Data in this exercise -
-- Opening Marker --

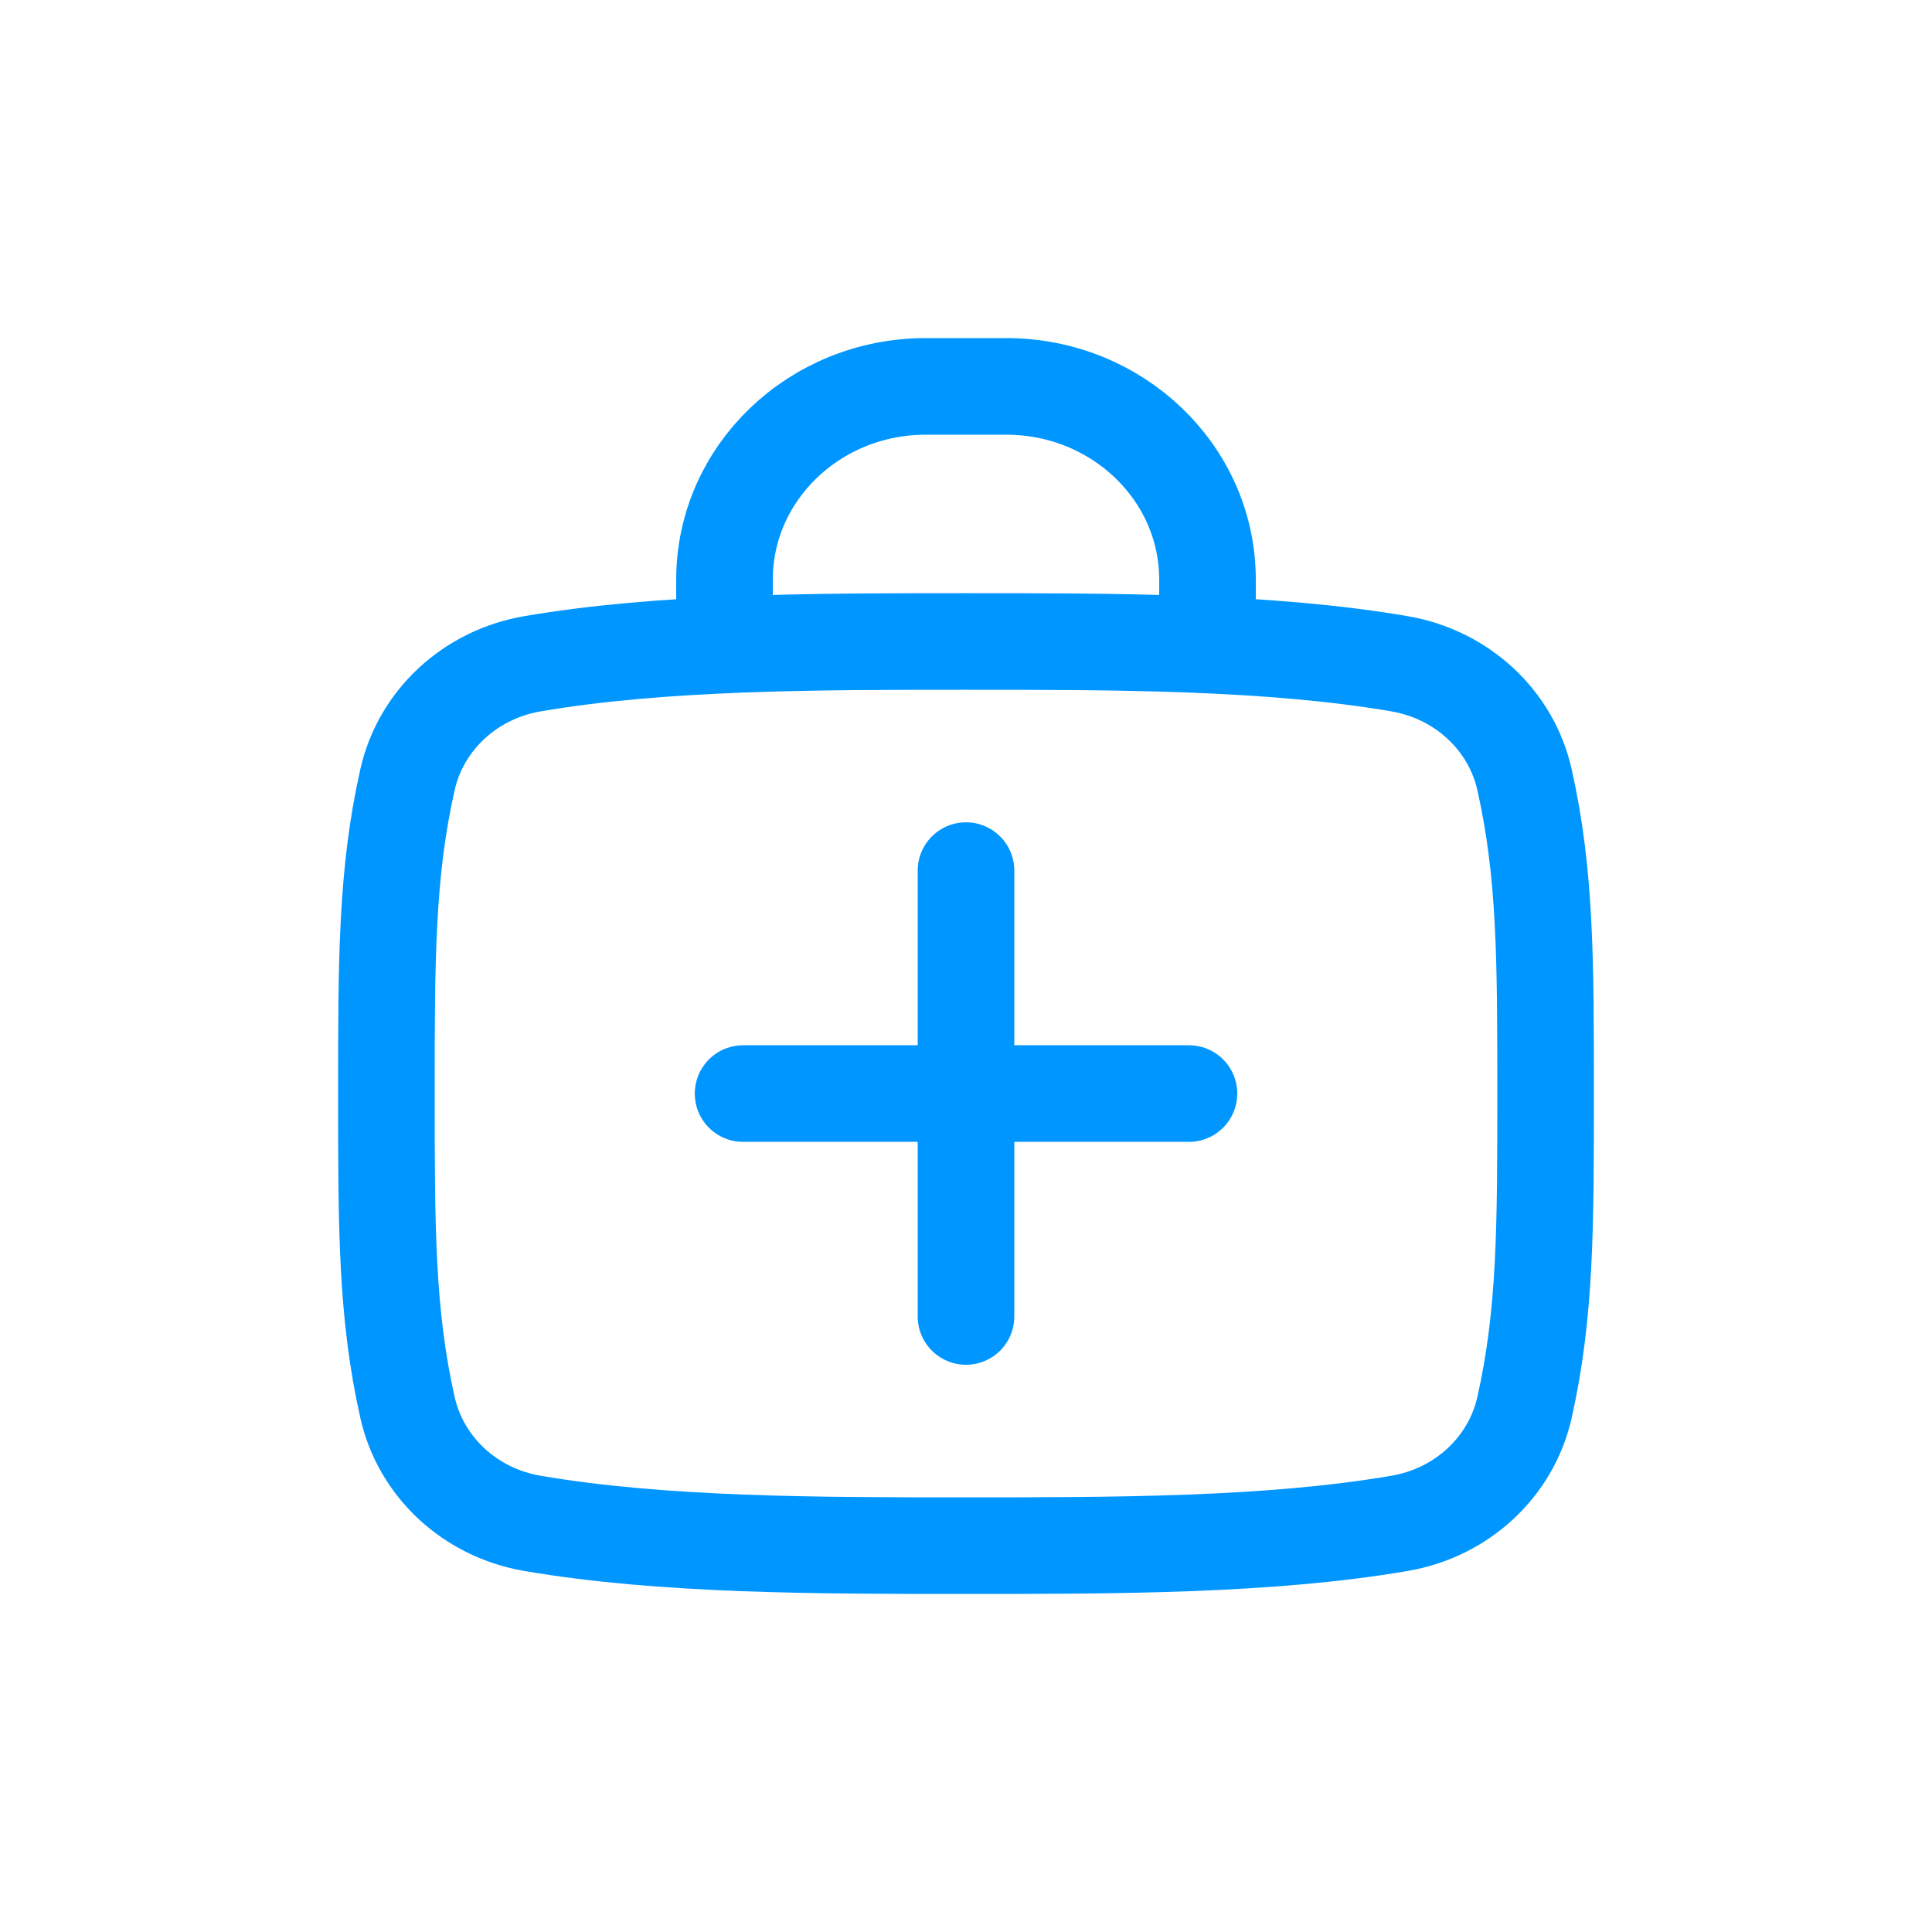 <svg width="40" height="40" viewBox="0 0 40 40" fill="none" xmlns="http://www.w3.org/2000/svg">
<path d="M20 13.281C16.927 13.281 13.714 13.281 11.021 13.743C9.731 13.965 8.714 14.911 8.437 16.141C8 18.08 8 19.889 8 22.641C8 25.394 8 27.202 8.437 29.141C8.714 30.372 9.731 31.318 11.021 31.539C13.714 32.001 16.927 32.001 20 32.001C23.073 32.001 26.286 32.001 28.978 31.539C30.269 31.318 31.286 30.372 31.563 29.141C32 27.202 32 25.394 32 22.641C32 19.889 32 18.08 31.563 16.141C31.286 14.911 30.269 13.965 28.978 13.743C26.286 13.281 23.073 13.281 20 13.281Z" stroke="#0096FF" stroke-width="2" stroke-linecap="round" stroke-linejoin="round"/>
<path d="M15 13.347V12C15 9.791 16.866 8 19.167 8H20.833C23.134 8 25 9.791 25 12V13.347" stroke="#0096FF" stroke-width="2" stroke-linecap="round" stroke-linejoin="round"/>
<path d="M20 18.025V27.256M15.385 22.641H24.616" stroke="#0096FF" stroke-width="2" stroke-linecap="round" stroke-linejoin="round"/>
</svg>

-- Closing Marker --
-- Opening Marker --

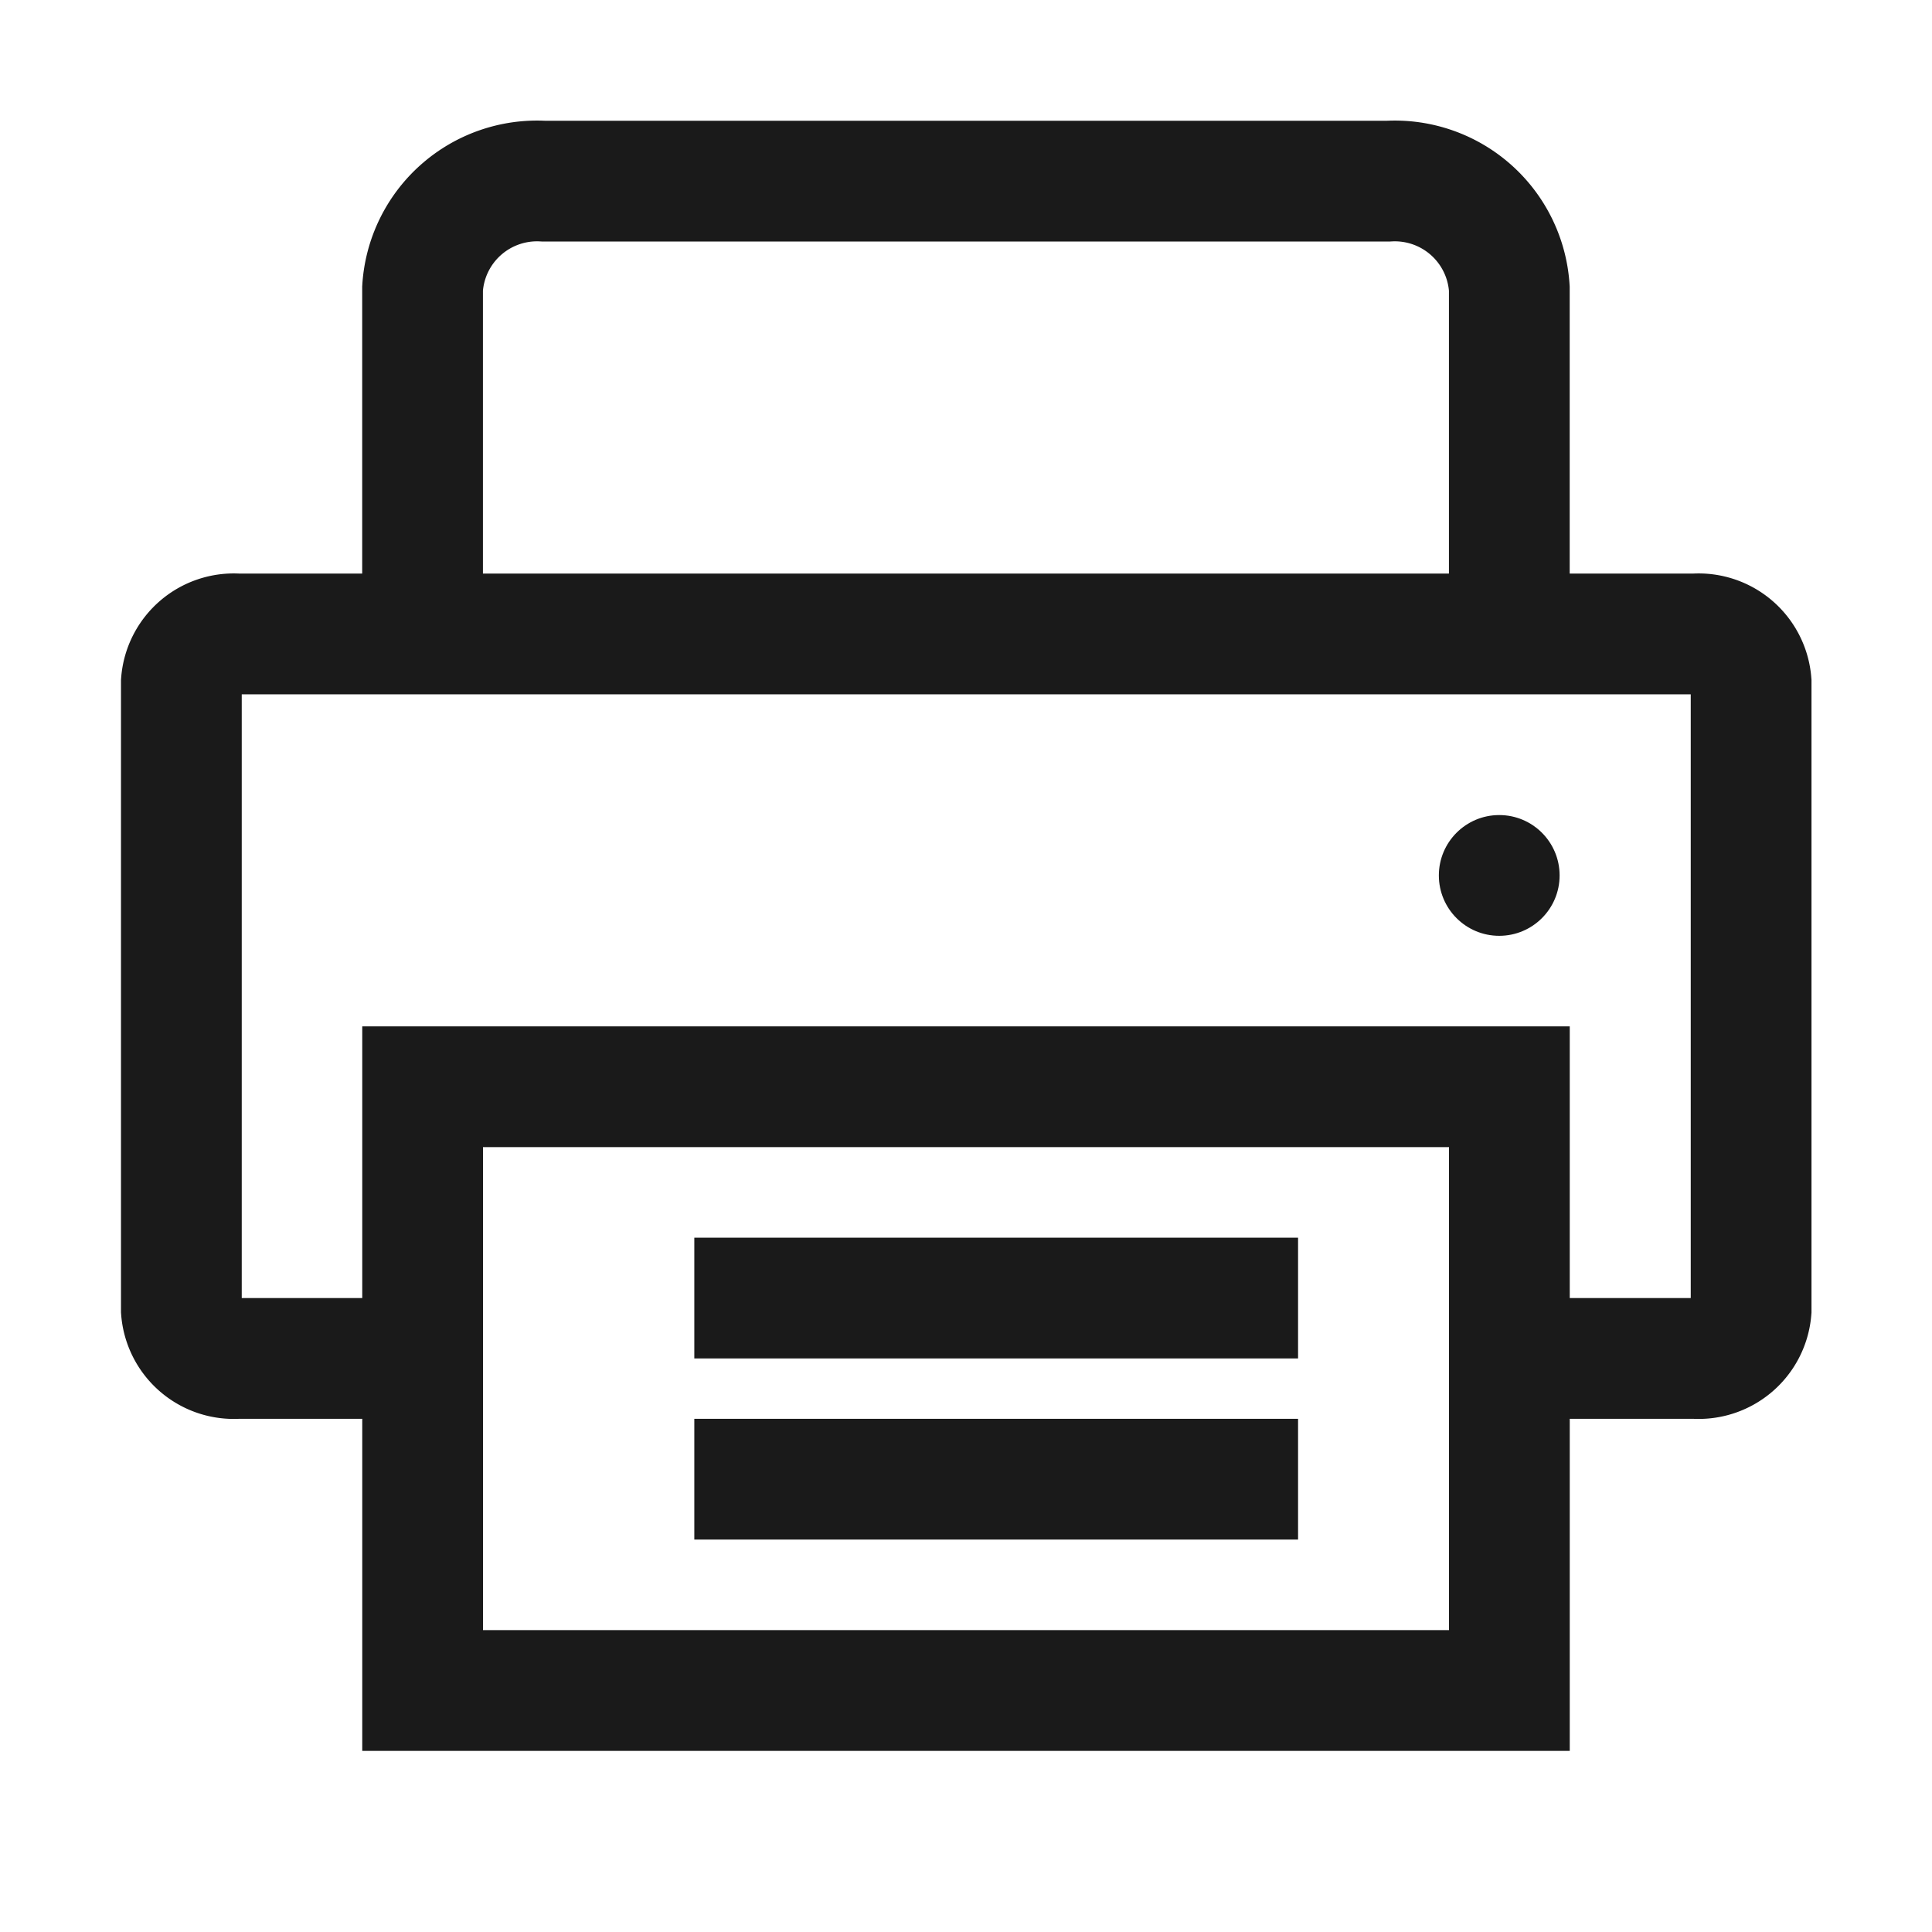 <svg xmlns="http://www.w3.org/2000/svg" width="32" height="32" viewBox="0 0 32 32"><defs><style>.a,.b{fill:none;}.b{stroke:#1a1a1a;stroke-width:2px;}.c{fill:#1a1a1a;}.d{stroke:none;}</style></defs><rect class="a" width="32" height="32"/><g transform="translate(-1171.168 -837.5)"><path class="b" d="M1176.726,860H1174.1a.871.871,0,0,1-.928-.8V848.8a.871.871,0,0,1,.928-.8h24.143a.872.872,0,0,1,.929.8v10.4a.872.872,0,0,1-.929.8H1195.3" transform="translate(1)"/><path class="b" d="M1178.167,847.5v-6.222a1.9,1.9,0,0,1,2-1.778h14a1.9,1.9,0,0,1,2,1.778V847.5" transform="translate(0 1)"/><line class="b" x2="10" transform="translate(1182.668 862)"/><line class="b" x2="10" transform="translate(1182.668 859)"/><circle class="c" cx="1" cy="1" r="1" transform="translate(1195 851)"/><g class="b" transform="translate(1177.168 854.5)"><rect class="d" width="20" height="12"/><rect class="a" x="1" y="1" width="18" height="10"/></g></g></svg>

-- Closing Marker --

Copy every line of the listing that includes the string "round".

Solution to this task -
<path d="M20 13.281C16.927 13.281 13.714 13.281 11.021 13.743C9.731 13.965 8.714 14.911 8.437 16.141C8 18.08 8 19.889 8 22.641C8 25.394 8 27.202 8.437 29.141C8.714 30.372 9.731 31.318 11.021 31.539C13.714 32.001 16.927 32.001 20 32.001C23.073 32.001 26.286 32.001 28.978 31.539C30.269 31.318 31.286 30.372 31.563 29.141C32 27.202 32 25.394 32 22.641C32 19.889 32 18.08 31.563 16.141C31.286 14.911 30.269 13.965 28.978 13.743C26.286 13.281 23.073 13.281 20 13.281Z" stroke="#0096FF" stroke-width="2" stroke-linecap="round" stroke-linejoin="round"/>
<path d="M15 13.347V12C15 9.791 16.866 8 19.167 8H20.833C23.134 8 25 9.791 25 12V13.347" stroke="#0096FF" stroke-width="2" stroke-linecap="round" stroke-linejoin="round"/>
<path d="M20 18.025V27.256M15.385 22.641H24.616" stroke="#0096FF" stroke-width="2" stroke-linecap="round" stroke-linejoin="round"/>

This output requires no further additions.